Exact Outage Probability Analysis of the Mixed RF/FSO System With Variable-Gain Relays

TL;DR

This paper provides an exact mathematical analysis of the outage probability in a mixed RF/FSO relay system with variable-gain relays, accounting for atmospheric turbulence, pointing errors, and outdated channel information.

Contribution

It introduces a unified outage probability analysis for a complex RF/FSO system with multiple relays and realistic channel impairments, including a new exact expression and high-SNR approximations.

Findings

Derived an exact outage probability expression.

Validated results with Monte Carlo simulations.

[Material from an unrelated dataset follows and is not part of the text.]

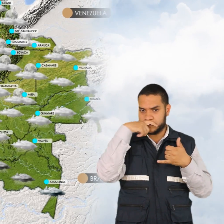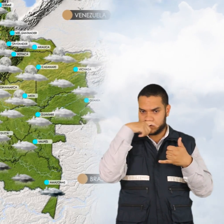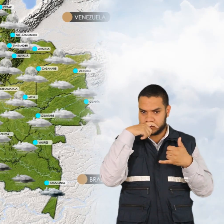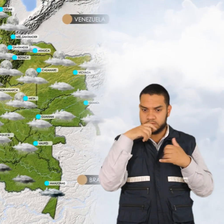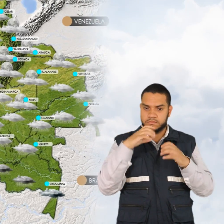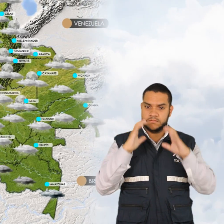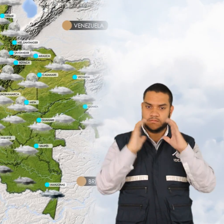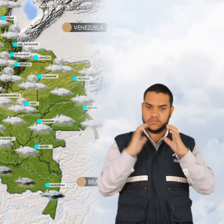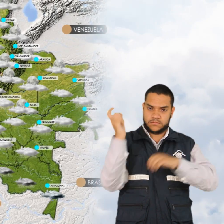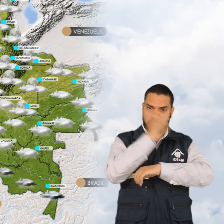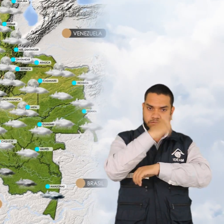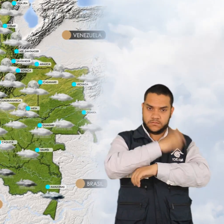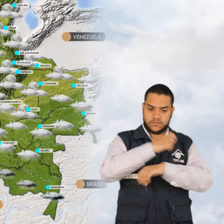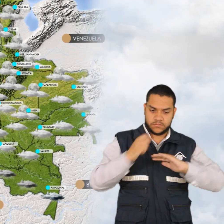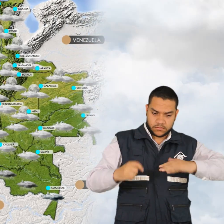Caquetá y del Putumayo.
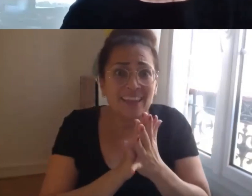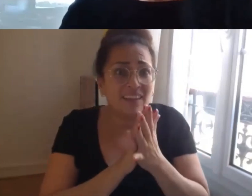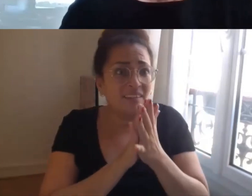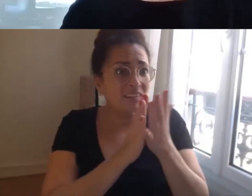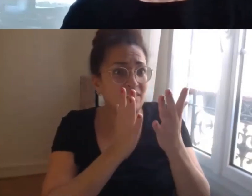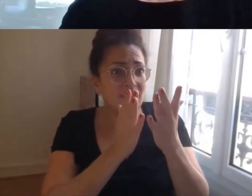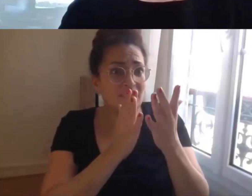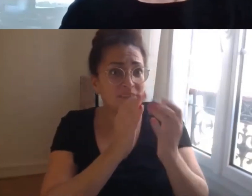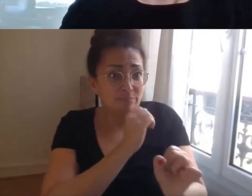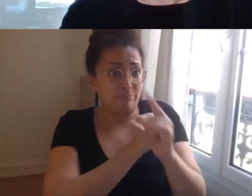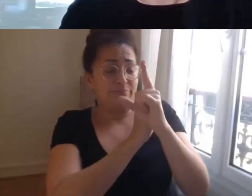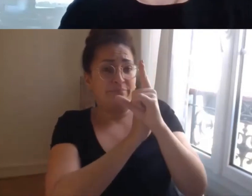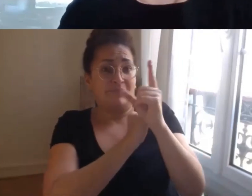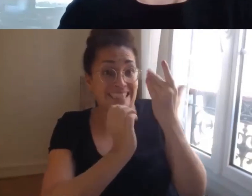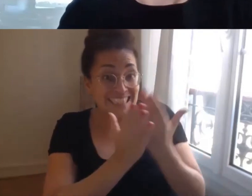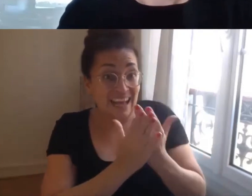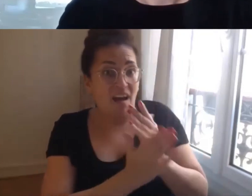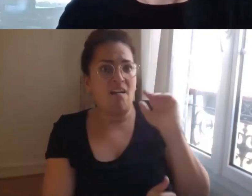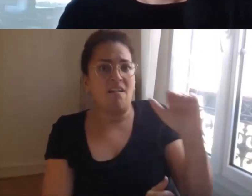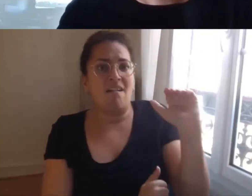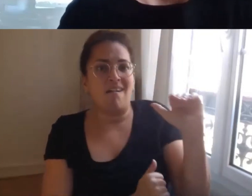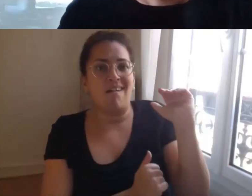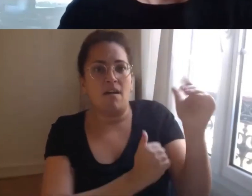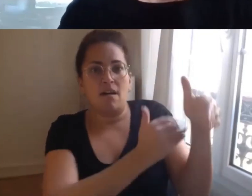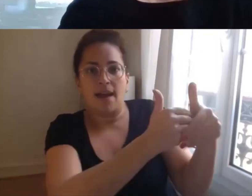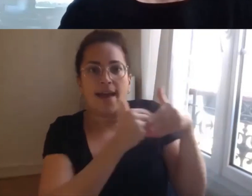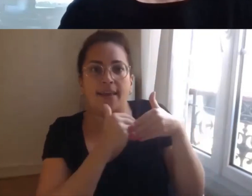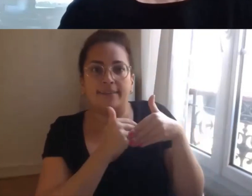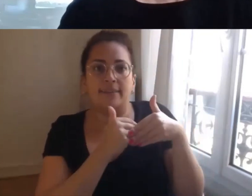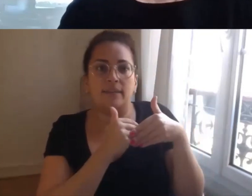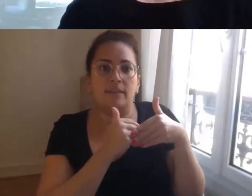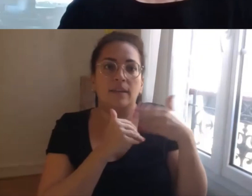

Analyzed effects of system parameters on performance.

Abstract

This paper presents a unified analysis of the mixed radio-frequency (RF)/free-space optics (FSO) relaying system, with multiple variable-gain amplify-and-forward relays. The partial relay selection (PRS) is employed to select the active relay for further re-transmission. Due to fast fading statistics of the first RF hop, it is assumed that the channel state information of the RF link is outdated, which is used for both the relay gain adjustment and the PRS procedure. The RF hops are subject to the Rayleigh fading, while the FSO hop is affected by the atmospheric turbulence and the pointing errors. The intensity fluctuations of the optical signal caused by atmospheric turbulence are modeled by the general Malaga (M) distribution, which takes into account the effect of multiple scattered components. An exact expression for the outage probability is derived. In addition, high-signal-to-noise-ratio approximations are provided, which can be used to efficiently determine the outage probability floor. Numerical results are validated by Monte Carlo simulations, which are used to examine the effects of the system and channel parameters on the RF/FSO system performance.